DATASET CONTENT:
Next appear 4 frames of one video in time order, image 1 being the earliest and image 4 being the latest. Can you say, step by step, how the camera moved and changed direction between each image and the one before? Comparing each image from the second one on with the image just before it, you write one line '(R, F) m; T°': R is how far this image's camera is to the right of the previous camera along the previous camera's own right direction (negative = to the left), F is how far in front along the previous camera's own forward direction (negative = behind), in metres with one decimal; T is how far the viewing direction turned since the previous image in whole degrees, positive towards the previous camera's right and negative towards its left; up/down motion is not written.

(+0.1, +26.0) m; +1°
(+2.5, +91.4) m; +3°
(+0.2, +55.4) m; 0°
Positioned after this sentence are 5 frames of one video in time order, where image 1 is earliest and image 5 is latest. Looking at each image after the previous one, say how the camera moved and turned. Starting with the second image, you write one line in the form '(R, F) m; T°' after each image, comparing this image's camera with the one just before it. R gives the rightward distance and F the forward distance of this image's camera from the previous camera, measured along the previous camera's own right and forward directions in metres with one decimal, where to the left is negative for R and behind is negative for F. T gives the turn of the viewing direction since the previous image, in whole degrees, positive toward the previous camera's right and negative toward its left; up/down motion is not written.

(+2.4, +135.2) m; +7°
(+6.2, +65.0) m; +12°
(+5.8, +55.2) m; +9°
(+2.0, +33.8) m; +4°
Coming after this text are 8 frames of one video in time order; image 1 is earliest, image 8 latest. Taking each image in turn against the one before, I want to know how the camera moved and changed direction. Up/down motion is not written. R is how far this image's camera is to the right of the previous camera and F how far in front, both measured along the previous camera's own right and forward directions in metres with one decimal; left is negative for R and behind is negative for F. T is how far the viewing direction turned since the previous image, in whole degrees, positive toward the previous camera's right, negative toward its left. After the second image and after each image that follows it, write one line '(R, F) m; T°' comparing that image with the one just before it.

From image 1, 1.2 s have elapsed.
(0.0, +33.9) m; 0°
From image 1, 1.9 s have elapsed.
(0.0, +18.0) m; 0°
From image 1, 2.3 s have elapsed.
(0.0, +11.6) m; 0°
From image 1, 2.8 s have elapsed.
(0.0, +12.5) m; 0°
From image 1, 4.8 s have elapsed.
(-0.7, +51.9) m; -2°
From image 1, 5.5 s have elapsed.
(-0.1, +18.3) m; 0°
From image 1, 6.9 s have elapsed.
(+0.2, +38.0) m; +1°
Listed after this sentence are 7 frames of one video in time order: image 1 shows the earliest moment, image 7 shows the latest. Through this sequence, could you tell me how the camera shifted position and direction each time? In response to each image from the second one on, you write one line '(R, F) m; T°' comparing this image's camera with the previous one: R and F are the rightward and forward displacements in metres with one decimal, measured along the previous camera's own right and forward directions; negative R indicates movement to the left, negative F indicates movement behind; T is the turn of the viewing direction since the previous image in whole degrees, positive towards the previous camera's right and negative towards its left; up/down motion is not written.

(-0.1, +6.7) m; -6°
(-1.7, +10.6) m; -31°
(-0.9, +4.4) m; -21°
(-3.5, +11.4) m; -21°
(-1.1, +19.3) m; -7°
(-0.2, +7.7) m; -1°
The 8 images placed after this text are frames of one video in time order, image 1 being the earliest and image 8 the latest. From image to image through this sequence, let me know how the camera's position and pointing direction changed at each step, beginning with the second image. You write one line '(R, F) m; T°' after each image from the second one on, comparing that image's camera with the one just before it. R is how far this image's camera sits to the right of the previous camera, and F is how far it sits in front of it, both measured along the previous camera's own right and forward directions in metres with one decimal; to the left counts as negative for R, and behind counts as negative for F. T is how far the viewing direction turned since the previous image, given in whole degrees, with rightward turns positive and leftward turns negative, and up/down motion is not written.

TASK: All the entries are to be reproduced verbatim.

ANSWER SECTION:
Next appear 4 frames of one video in time order, image 1 being the earliest and image 4 being the latest. Can you say, step by step, how the camera moved and changed direction between each image and the one before? Comparing each image from the second one on with the image just before it, you write one line '(R, F) m; T°': R is how far this image's camera is to the right of the previous camera along the previous camera's own right direction (negative = to the left), F is how far in front along the previous camera's own forward direction (negative = behind), in metres with one decimal; T is how far the viewing direction turned since the previous image in whole degrees, positive towards the previous camera's right and negative towards its left; up/down motion is not written.

(+0.1, +26.0) m; +1°
(+2.5, +91.4) m; +3°
(+0.2, +55.4) m; 0°
Positioned after this sentence are 5 frames of one video in time order, where image 1 is earliest and image 5 is latest. Looking at each image after the previous one, say how the camera moved and turned. Starting with the second image, you write one line in the form '(R, F) m; T°' after each image, comparing this image's camera with the one just before it. R gives the rightward distance and F the forward distance of this image's camera from the previous camera, measured along the previous camera's own right and forward directions in metres with one decimal, where to the left is negative for R and behind is negative for F. T gives the turn of the viewing direction since the previous image, in whole degrees, positive toward the previous camera's right and negative toward its left; up/down motion is not written.

(+2.4, +135.2) m; +7°
(+6.2, +65.0) m; +12°
(+5.8, +55.2) m; +9°
(+2.0, +33.8) m; +4°
Coming after this text are 8 frames of one video in time order; image 1 is earliest, image 8 latest. Taking each image in turn against the one before, I want to know how the camera moved and changed direction. Up/down motion is not written. R is how far this image's camera is to the right of the previous camera and F how far in front, both measured along the previous camera's own right and forward directions in metres with one decimal; left is negative for R and behind is negative for F. T is how far the viewing direction turned since the previous image, in whole degrees, positive toward the previous camera's right, negative toward its left. After the second image and after each image that follows it, write one line '(R, F) m; T°' comparing that image with the one just before it.

From image 1, 1.2 s have elapsed.
(0.0, +33.9) m; 0°
From image 1, 1.9 s have elapsed.
(0.0, +18.0) m; 0°
From image 1, 2.3 s have elapsed.
(0.0, +11.6) m; 0°
From image 1, 2.8 s have elapsed.
(0.0, +12.5) m; 0°
From image 1, 4.8 s have elapsed.
(-0.7, +51.9) m; -2°
From image 1, 5.5 s have elapsed.
(-0.1, +18.3) m; 0°
From image 1, 6.9 s have elapsed.
(+0.2, +38.0) m; +1°
Listed after this sentence are 7 frames of one video in time order: image 1 shows the earliest moment, image 7 shows the latest. Through this sequence, could you tell me how the camera shifted position and direction each time? In response to each image from the second one on, you write one line '(R, F) m; T°' comparing this image's camera with the previous one: R and F are the rightward and forward displacements in metres with one decimal, measured along the previous camera's own right and forward directions; negative R indicates movement to the left, negative F indicates movement behind; T is the turn of the viewing direction since the previous image in whole degrees, positive towards the previous camera's right and negative towards its left; up/down motion is not written.

(-0.1, +6.7) m; -6°
(-1.7, +10.6) m; -31°
(-0.9, +4.4) m; -21°
(-3.5, +11.4) m; -21°
(-1.1, +19.3) m; -7°
(-0.2, +7.7) m; -1°
The 8 images placed after this text are frames of one video in time order, image 1 being the earliest and image 8 the latest. From image to image through this sequence, let me know how the camera's position and pointing direction changed at each step, beginning with the second image. You write one line '(R, F) m; T°' after each image from the second one on, comparing that image's camera with the one just before it. R is how far this image's camera sits to the right of the previous camera, and F is how far it sits in front of it, both measured along the previous camera's own right and forward directions in metres with one decimal; to the left counts as negative for R, and behind counts as negative for F. T is how far the viewing direction turned since the previous image, given in whole degrees, with rightward turns positive and leftward turns negative, and up/down motion is not written.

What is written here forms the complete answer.